Hauck, an assistant professor in geological sciences in the university's College of Arts and Sciences, is leading the six-year, $560,000 NASA-funded project. His research will use data from MESSENGER to refine information about Mercury's interior and how the planet has evolved. Andreas Ritzer, a doctoral graduate student, will also be involved in the project with Hauck.

"It's exciting to be involved in this project," Hauck said. "Data collected by MESSENGER will be critical to understanding how Mercury and terrestrial planets in general formed and evolved, and scientists will be studying these data for many years ahead."

As part of the project, Hauck has joined the mission science team that will guide the MESSENGER spacecraft's collection, calibration, initial analysis and archiving of data aimed at addressing major unanswered questions about Mercury's origin and history.

NASA launched MESSENGER, the seventh mission in NASA's Discovery Program, on August 3, 2004. Since launching, MESSENGER's trajectory has included flybys of Earth and Venus on its way to Mercury. In addition to the January flyby, MESSENGER will pass Mercury again next October and in September 2009 before it enters into orbit about the planet in March 2011.

Once in orbit, MESSENGER will make two complete trips around Mercury every one Earth day throughout the following year. The orbit is designed to be elliptical to allow for data collection close up and then to cool down from the heat it received near the surface further away from the planet. During the orbit's distant portion of the orbit, it will return data through NASA's Deep Space Network of radio dishes here on Earth.

It has been 33 years since NASA's Mariner 10 spacecraft captured the first closeup pictures and data from Mercury. Hauck said that mission returned images from about 45 percent of the surface in its three flybys of the planet. The results from Mariner 10 have left scientists with a series of unanswered questions about how Mercury's magnetic field is generated and how it attained its high ratio of metal to rock relative to the other planets.

NASA hopes data collected during the MESSENGER flybys and during its orbit around Mercury will help explain the origin of the planet's large bulk density, geologic history, structure of the core, magnetic field and composition of materials at its poles as well as in Mercury's extremely thin atmosphere.

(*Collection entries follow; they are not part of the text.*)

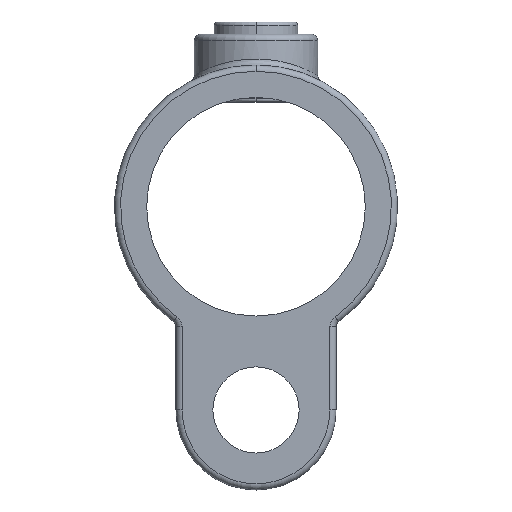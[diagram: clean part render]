
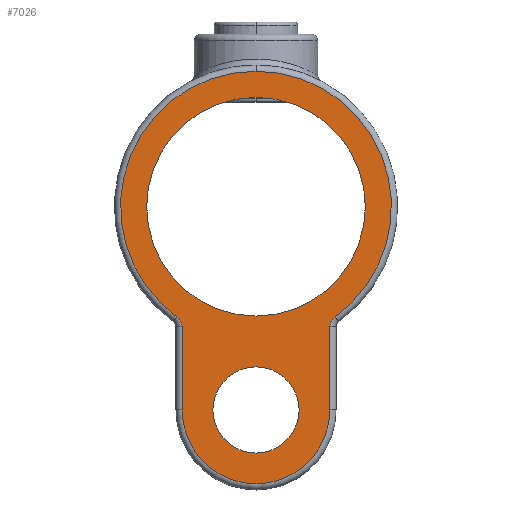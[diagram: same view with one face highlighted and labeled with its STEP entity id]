
A CAD part, front view. The second image highlights one B-rep face of the part: STEP entity #7026.
In plain terms, the highlighted planar face has unit normal (0, -1, 0).
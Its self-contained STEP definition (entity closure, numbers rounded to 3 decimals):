
#84 = AXIS2_PLACEMENT_3D ( 'NONE', #2474, #9772, #10800 ) ;
#87 = ORIENTED_EDGE ( 'NONE', *, *, #7593, .T. ) ;
#165 = AXIS2_PLACEMENT_3D ( 'NONE', #7116, #7027, #9070 ) ;
#454 = AXIS2_PLACEMENT_3D ( 'NONE', #4345, #11596, #8533 ) ;
#470 = CIRCLE ( 'NONE', #7216, 17.75 ) ;
#884 = CARTESIAN_POINT ( 'NONE',  ( 12., -12.5, -19.494 ) ) ;
#946 = ORIENTED_EDGE ( 'NONE', *, *, #12430, .T. ) ;
#1119 = CIRCLE ( 'NONE', #84, 22. ) ;
#1207 = LINE ( 'NONE', #10400, #4609 ) ;
#1368 = ORIENTED_EDGE ( 'NONE', *, *, #12284, .T. ) ;
#2416 = DIRECTION ( 'NONE',  ( 0., 1., 0. ) ) ;
#2474 = CARTESIAN_POINT ( 'NONE',  ( 0., -12.5, 0. ) ) ;
#2549 = EDGE_CURVE ( 'NONE', #3002, #5525, #13459, .T. ) ;
#2581 = DIRECTION ( 'NONE',  ( 0., 1., 0. ) ) ;
#2618 = ORIENTED_EDGE ( 'NONE', *, *, #2549, .F. ) ;
#2766 = DIRECTION ( 'NONE',  ( 0., 1., 0. ) ) ;
#2816 = CARTESIAN_POINT ( 'NONE',  ( 0., -12.5, 0. ) ) ;
#2948 = VERTEX_POINT ( 'NONE', #13199 ) ;
#2965 = CARTESIAN_POINT ( 'NONE',  ( 0., -12.5, 22. ) ) ;
#3002 = VERTEX_POINT ( 'NONE', #12609 ) ;
#3030 = EDGE_LOOP ( 'NONE', ( #946, #12093 ) ) ;
#3102 = DIRECTION ( 'NONE',  ( 0., 1., 0. ) ) ;
#3285 = AXIS2_PLACEMENT_3D ( 'NONE', #11396, #3102, #12412 ) ;
#3301 = ORIENTED_EDGE ( 'NONE', *, *, #5789, .T. ) ;
#3343 = EDGE_CURVE ( 'NONE', #12032, #13145, #10643, .T. ) ;
#3384 = DIRECTION ( 'NONE',  ( 0., 0., 1. ) ) ;
#3545 = CARTESIAN_POINT ( 'NONE',  ( 0., -12.5, 0. ) ) ;
#3727 = CIRCLE ( 'NONE', #5027, 2. ) ;
#3744 = CARTESIAN_POINT ( 'NONE',  ( -12.833, -12.5, -17.869 ) ) ;
#4166 = DIRECTION ( 'NONE',  ( 0., 0., -1. ) ) ;
#4345 = CARTESIAN_POINT ( 'NONE',  ( 14., -12.5, -19.494 ) ) ;
#4414 = ORIENTED_EDGE ( 'NONE', *, *, #3343, .T. ) ;
#4491 = CARTESIAN_POINT ( 'NONE',  ( 0., -12.5, -33. ) ) ;
#4609 = VECTOR ( 'NONE', #4166, 1000. ) ;
#4919 = CARTESIAN_POINT ( 'NONE',  ( 0., -12.5, -17.75 ) ) ;
#4965 = EDGE_LOOP ( 'NONE', ( #1368, #87 ) ) ;
#5027 = AXIS2_PLACEMENT_3D ( 'NONE', #7431, #10642, #10691 ) ;
#5131 = CARTESIAN_POINT ( 'NONE',  ( 0., -12.5, 0. ) ) ;
#5248 = ORIENTED_EDGE ( 'NONE', *, *, #6416, .T. ) ;
#5268 = AXIS2_PLACEMENT_3D ( 'NONE', #3545, #2581, #10957 ) ;
#5525 = VERTEX_POINT ( 'NONE', #884 ) ;
#5530 = VERTEX_POINT ( 'NONE', #4919 ) ;
#5552 = AXIS2_PLACEMENT_3D ( 'NONE', #8752, #2416, #8708 ) ;
#5789 = EDGE_CURVE ( 'NONE', #9454, #12032, #1207, .T. ) ;
#6208 = CIRCLE ( 'NONE', #5552, 7. ) ;
#6416 = EDGE_CURVE ( 'NONE', #13145, #5525, #9971, .T. ) ;
#6725 = FACE_BOUND ( 'NONE', #4965, .T. ) ;
#6740 = CARTESIAN_POINT ( 'NONE',  ( 12., -12.5, -33. ) ) ;
#6991 = ORIENTED_EDGE ( 'NONE', *, *, #9800, .T. ) ;
#7026 = ADVANCED_FACE ( 'NONE', ( #8668, #6725, #8342 ), #9785, .F. ) ;
#7027 = DIRECTION ( 'NONE',  ( 0., -1., 0. ) ) ;
#7116 = CARTESIAN_POINT ( 'NONE',  ( 0., -12.5, 0. ) ) ;
#7216 = AXIS2_PLACEMENT_3D ( 'NONE', #5131, #9313, #10213 ) ;
#7217 = VECTOR ( 'NONE', #3384, 1000. ) ;
#7391 = ORIENTED_EDGE ( 'NONE', *, *, #10287, .F. ) ;
#7431 = CARTESIAN_POINT ( 'NONE',  ( -14., -12.5, -19.494 ) ) ;
#7593 = EDGE_CURVE ( 'NONE', #2948, #5530, #11753, .T. ) ;
#7676 = AXIS2_PLACEMENT_3D ( 'NONE', #4491, #11782, #9636 ) ;
#8105 = CARTESIAN_POINT ( 'NONE',  ( 0., -12.5, -40. ) ) ;
#8223 = VERTEX_POINT ( 'NONE', #3744 ) ;
#8342 = FACE_BOUND ( 'NONE', #3030, .T. ) ;
#8533 = DIRECTION ( 'NONE',  ( 0., 0., 1. ) ) ;
#8668 = FACE_OUTER_BOUND ( 'NONE', #11770, .T. ) ;
#8708 = DIRECTION ( 'NONE',  ( 0., 0., 1. ) ) ;
#8752 = CARTESIAN_POINT ( 'NONE',  ( 0., -12.5, -33. ) ) ;
#9070 = DIRECTION ( 'NONE',  ( 0., 0., 1. ) ) ;
#9313 = DIRECTION ( 'NONE',  ( 0., 1., 0. ) ) ;
#9454 = VERTEX_POINT ( 'NONE', #12510 ) ;
#9537 = EDGE_CURVE ( 'NONE', #9809, #12837, #6208, .T. ) ;
#9636 = DIRECTION ( 'NONE',  ( 0., 0., 1. ) ) ;
#9772 = DIRECTION ( 'NONE',  ( 0., -1., 0. ) ) ;
#9785 = PLANE ( 'NONE',  #5268 ) ;
#9800 = EDGE_CURVE ( 'NONE', #3002, #10964, #11054, .T. ) ;
#9809 = VERTEX_POINT ( 'NONE', #12265 ) ;
#9971 = LINE ( 'NONE', #10522, #7217 ) ;
#10007 = DIRECTION ( 'NONE',  ( 0., 0., 1. ) ) ;
#10213 = DIRECTION ( 'NONE',  ( 0., 0., 1. ) ) ;
#10287 = EDGE_CURVE ( 'NONE', #9454, #8223, #3727, .T. ) ;
#10400 = CARTESIAN_POINT ( 'NONE',  ( -12., -12.5, 0. ) ) ;
#10522 = CARTESIAN_POINT ( 'NONE',  ( 12., -12.5, 0. ) ) ;
#10642 = DIRECTION ( 'NONE',  ( 0., -1., 0. ) ) ;
#10643 = CIRCLE ( 'NONE', #7676, 12. ) ;
#10691 = DIRECTION ( 'NONE',  ( 0., 0., 1. ) ) ;
#10800 = DIRECTION ( 'NONE',  ( 0., 0., 1. ) ) ;
#10841 = ORIENTED_EDGE ( 'NONE', *, *, #11859, .T. ) ;
#10957 = DIRECTION ( 'NONE',  ( 0., 0., 1. ) ) ;
#10964 = VERTEX_POINT ( 'NONE', #2965 ) ;
#11054 = CIRCLE ( 'NONE', #165, 22. ) ;
#11278 = AXIS2_PLACEMENT_3D ( 'NONE', #2816, #2766, #10007 ) ;
#11396 = CARTESIAN_POINT ( 'NONE',  ( 0., -12.5, -33. ) ) ;
#11596 = DIRECTION ( 'NONE',  ( 0., -1., 0. ) ) ;
#11753 = CIRCLE ( 'NONE', #11278, 17.75 ) ;
#11770 = EDGE_LOOP ( 'NONE', ( #3301, #4414, #5248, #2618, #6991, #10841, #7391 ) ) ;
#11782 = DIRECTION ( 'NONE',  ( 0., -1., 0. ) ) ;
#11859 = EDGE_CURVE ( 'NONE', #10964, #8223, #1119, .T. ) ;
#12032 = VERTEX_POINT ( 'NONE', #13330 ) ;
#12093 = ORIENTED_EDGE ( 'NONE', *, *, #9537, .T. ) ;
#12265 = CARTESIAN_POINT ( 'NONE',  ( 0., -12.5, -26. ) ) ;
#12284 = EDGE_CURVE ( 'NONE', #5530, #2948, #470, .T. ) ;
#12412 = DIRECTION ( 'NONE',  ( 0., 0., 1. ) ) ;
#12430 = EDGE_CURVE ( 'NONE', #12837, #9809, #12580, .T. ) ;
#12510 = CARTESIAN_POINT ( 'NONE',  ( -12., -12.5, -19.494 ) ) ;
#12580 = CIRCLE ( 'NONE', #3285, 7. ) ;
#12609 = CARTESIAN_POINT ( 'NONE',  ( 12.833, -12.5, -17.869 ) ) ;
#12837 = VERTEX_POINT ( 'NONE', #8105 ) ;
#13145 = VERTEX_POINT ( 'NONE', #6740 ) ;
#13199 = CARTESIAN_POINT ( 'NONE',  ( 0., -12.5, 17.75 ) ) ;
#13330 = CARTESIAN_POINT ( 'NONE',  ( -12., -12.5, -33. ) ) ;
#13459 = CIRCLE ( 'NONE', #454, 2. ) ;

MESSENGER is equipped with a variety of instruments, including a wide and narrow-angle camera; an infrared to ultraviolet spectrometer; X-ray, gamma-ray and neutron spectrometers to assess surface composition; a laser altimeter, as well as a magnetometer and plasma and charged-particles spectrometers. These instruments will collect information about the topography of Mercury’s surface, chemical composition, magnetic field, gravity and other information for unraveling Mercury's many enigmas.

Since watching the first shuttle launch as a child, Hauck has had a long-held desire to explore space. When MESSENGER makes its first flyby of Mercury on January 14, 2008, he will be among the first to see and study portions of Mercury previously unknown.

"The idea of exploring planets has always fascinated me and the opportunity to investigate a planet as unexplored as Mercury is exciting," he said.

During past research projects as a graduate student and postdoctoral fellow, Hauck has been involved in research related to the geology and geophysics of the inner planets of the solar system as well as Jupiter's icy moons. The overall MESSENGER mission to Mercury is led by Sean C. Solomon from the Carnegie Institution of Washington, who was Hauck's mentor during his postdoctoral fellowship there on work related to Mercury.

Learn more about the mission to Mercury.

For more information, contact Susan Griffith, 216-368-1004.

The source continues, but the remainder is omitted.